Publication year - 2016
Publication title -
insect molecular biology
Language(s) - English
Resource type - Journals
SCImago Journal Rank - 0.955
H-Index - 93
eISSN - 1365-2583
pISSN - 0962-1075
DOI - 10.1111/imb.12261
Subject(s) - biology , pheromone , botany , computational biology
A full‐length cDNA encoding Cydia pomonella pheromone binding protein 1 (CpomPBP1) was cloned and characterized. CpomPBP1, possessing the typical characteristics of lepidopteran odorant binding proteins, was detected to be specifically expressed in the antennae of male and female moths at the mRNA and protein level.
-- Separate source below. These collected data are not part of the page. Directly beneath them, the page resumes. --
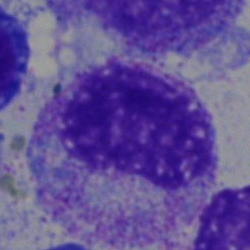

The morphological class is metamyelocyte.
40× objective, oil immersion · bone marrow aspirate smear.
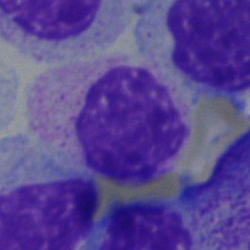 Specimen: bone marrow aspirate smear.
Morphological class: myelocyte.
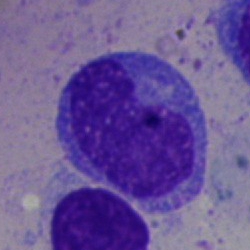Morphology — monocyte.
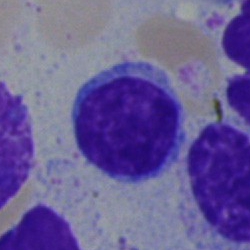 Single-cell crop from a bone marrow smear: typical lymphocyte.
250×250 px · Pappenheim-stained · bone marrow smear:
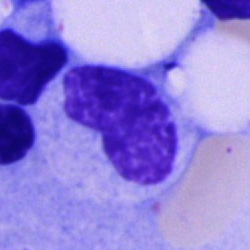Showing a metamyelocyte.
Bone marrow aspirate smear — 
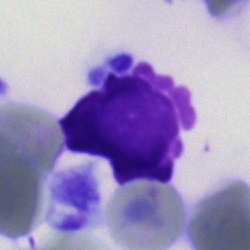 Morphological class = artefact.
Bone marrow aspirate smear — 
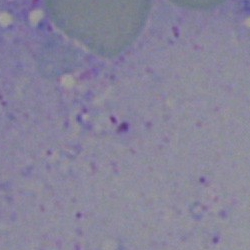
Impression → artifact.
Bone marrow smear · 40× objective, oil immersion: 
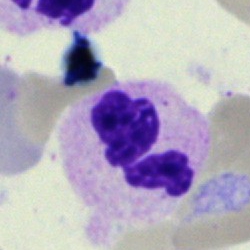 Q: What type of cell is this?
A: A segmented neutrophil.
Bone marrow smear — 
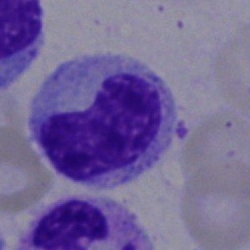

Showing a neutrophil (band).
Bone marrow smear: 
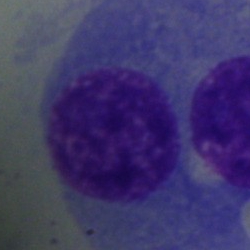
Q: What cell is this?
A: A plasmacyte.
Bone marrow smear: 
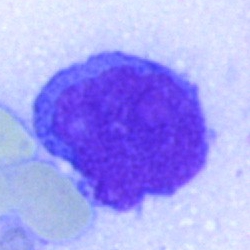 Cell type = undifferentiated blast.
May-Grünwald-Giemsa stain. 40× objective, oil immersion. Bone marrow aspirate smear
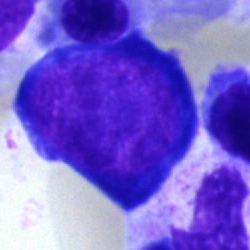 The cell shown is a pronormoblast.
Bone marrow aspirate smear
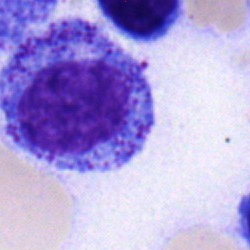
Morphological class = lymphocyte.
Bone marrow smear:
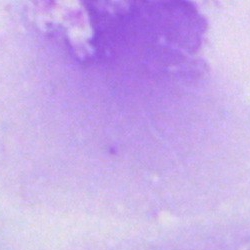

Specimen: bone marrow smear.
Morphological class: artifact.

Soluble recombinant CpomPBP1 was subjected to in vitro binding to analyse its binding properties and to search for potentially active semiochemicals. A competitive binding assay showed that three 12‐carbon ligands, codlemone, 1‐dodecanol and E,E‐2,4‐dodecadienal, were able to bind to CpomPBP1 in decreasing order of affinity. Moreover, unlike the wild‐type CpomPBP1, the C‐terminus truncated CpomPBP1 exhibited high affinity to ligands even in an acidic environment, suggesting that the C‐terminus plays a role in preventing ligands from binding to CpomPBP1 in a lower pH environment.